[Entries taken from a collection]
※
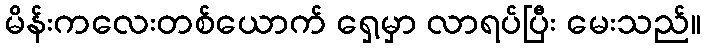
မိန်းကလေးတစ်ယောက် ရှေ့မှာ လာရပ်ပြီး မေးသည်။
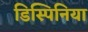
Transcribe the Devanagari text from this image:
डिस्पिनिया
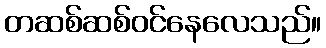
တဆစ်ဆစ်ဝင်နေလေသည်။
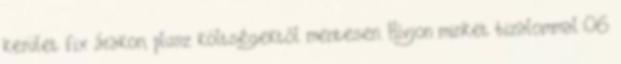
kerület fix árakon, plusz költségektől mentesen. Hívjon minket bizalommal:06
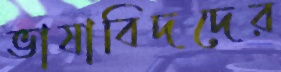
ভাষাবিদদের
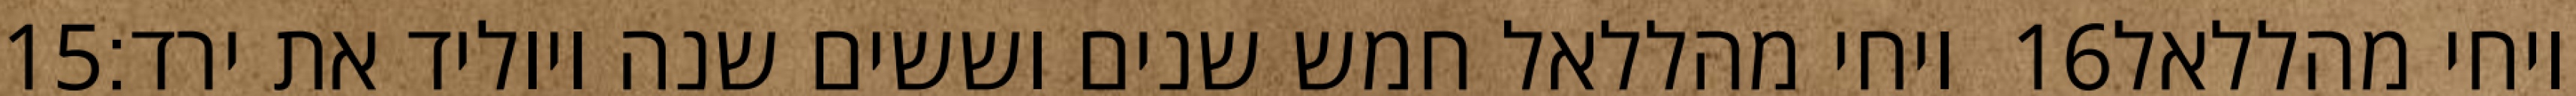
‎15‏ ויחי מהללאל חמש שנים וששים שנה ויוליד את ירד׃ ‎16‏ ויחי מהללאל
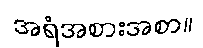
အရံအစားအစာ။
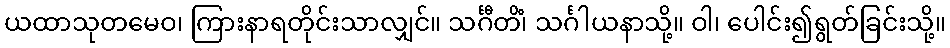
ယထာသုတမေဝ၊ ကြားနာရတိုင်းသာလျှင်။ သင်္ဂီတိံ၊ သင်္ဂါယနာသို့။ ဝါ၊ ပေါင်း၍ရွတ်ခြင်းသို့။
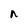
Character: n
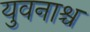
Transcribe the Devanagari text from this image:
युवनाश्च
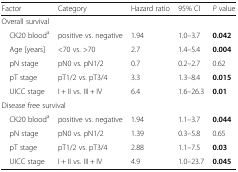
<table><thead><tr><td><b>Factor</b></td><td><b>Category</b></td><td><b>Hazard ratio</b></td><td><b>95% CI</b></td><td><b><i>P</i> value</b></td></tr></thead><tbody><tr><td colspan="5">Overall survival</td></tr><tr><td> CK20 blood<sup>a</sup></td><td>positive vs. negative</td><td>1.94</td><td>1.0–3.7</td><td><b>0.042</b></td></tr><tr><td> Age [years]</td><td>&lt;70 vs. &gt;70</td><td>2.7</td><td>1.4–5.4</td><td><b>0.004</b></td></tr><tr><td> pN stage</td><td>pN0 vs. pN1/2</td><td>0.7</td><td>0.2–2.7</td><td>0.62</td></tr><tr><td> pT stage</td><td>pT1/2 vs. pT3/4</td><td>3.3</td><td>1.3–8.4</td><td><b>0.015</b></td></tr><tr><td> UICC stage</td><td>I + II vs. III + IV</td><td>6.4</td><td>1.6–26.3</td><td><b>0.01</b></td></tr><tr><td colspan="5">Disease free survival</td></tr><tr><td> CK20 blood<sup>a</sup></td><td>positive vs. negative</td><td>1.94</td><td>1.1–3.7</td><td><b>0.044</b></td></tr><tr><td> pN stage</td><td>pN0 vs. pN1/2</td><td>1.39</td><td>0.3–5.8</td><td>0.65</td></tr><tr><td> pT stage</td><td>pT1/2 vs. pT3/4</td><td>2.88</td><td>1.1–7.5</td><td><b>0.03</b></td></tr><tr><td> UICC stage</td><td>I + II vs. III + IV</td><td>4.9</td><td>1.0–23.7</td><td><b>0.045</b></td></tr></tbody></table>
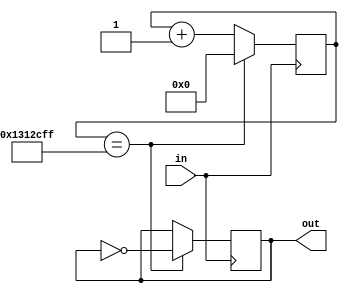
`timescale 1ns / 1ps

module FrequencyDivider (
    out,
    in
);
    output out;
    input in;
    
    reg out;
    
    reg [25:0] counter = 0;
    always @ (posedge in)
    begin
        if (counter == 20_000_000 - 1)
        begin
            counter <= 0;
            out <= ~out;
        end
        else
        begin
            counter <= counter + 1;
        end
    end
endmodule
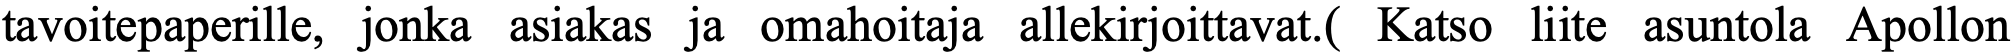
tavoitepaperille, jonka asiakas ja omahoitaja allekirjoittavat.( Katso liite asuntola Apollon
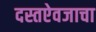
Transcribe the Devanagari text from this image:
दस्तऐवजाचा
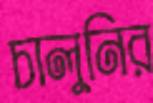
চালুনির
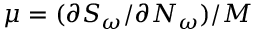
\mu = ( \partial S _ { \omega } / \partial N _ { \omega } ) / M
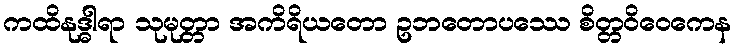
ကထိနုဒ္ဓါရာ သုမုတ္တာ အကိရိယတော ဥဘတောပဿေ စိတ္တဝိဝေကေန
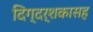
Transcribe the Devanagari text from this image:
दिग्दर्शकासह
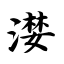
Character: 漤
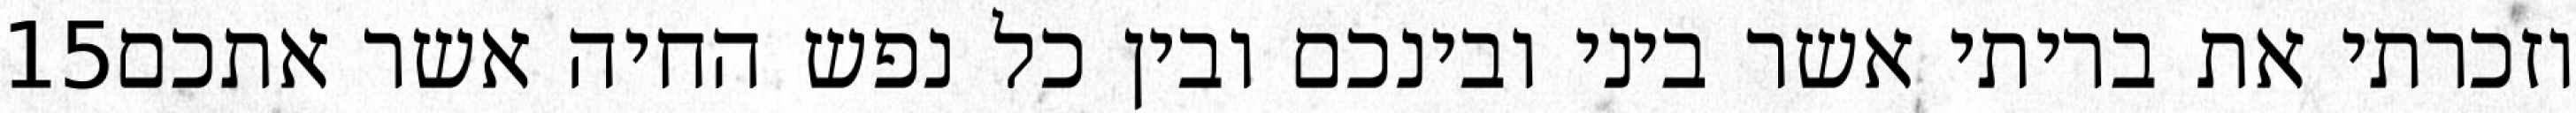
‎15‏ וזכרתי את בריתי אשר ביני ובינכם ובין כל נפש החיה אשר אתכם
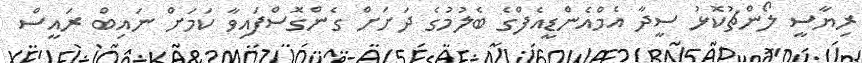
ރިޔާސީ ލޯންޗުކޮޅު ސީދާ އެމްއެންޑީއެފްގެ ބެލުމުގެ ދަށަށް ގެންގޮސްފައިވާ ކަމަށް ނައިބް ރައީސް
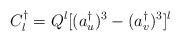
LaTeX: \begin{align*}C_l^\dagger = Q^l [(a_u^\dagger)^3-(a_v^\dagger)^3]^l\end{align*}
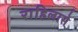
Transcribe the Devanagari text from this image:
राहिलासे
※
Copy all lines of the records in which the string "begin" can be found.

-- WRITTEN RESPONSE --
    begin
        begin
        begin
LaTeX: \begin{align*}C_l^\dagger = Q^l [(a_u^\dagger)^3-(a_v^\dagger)^3]^l\end{align*}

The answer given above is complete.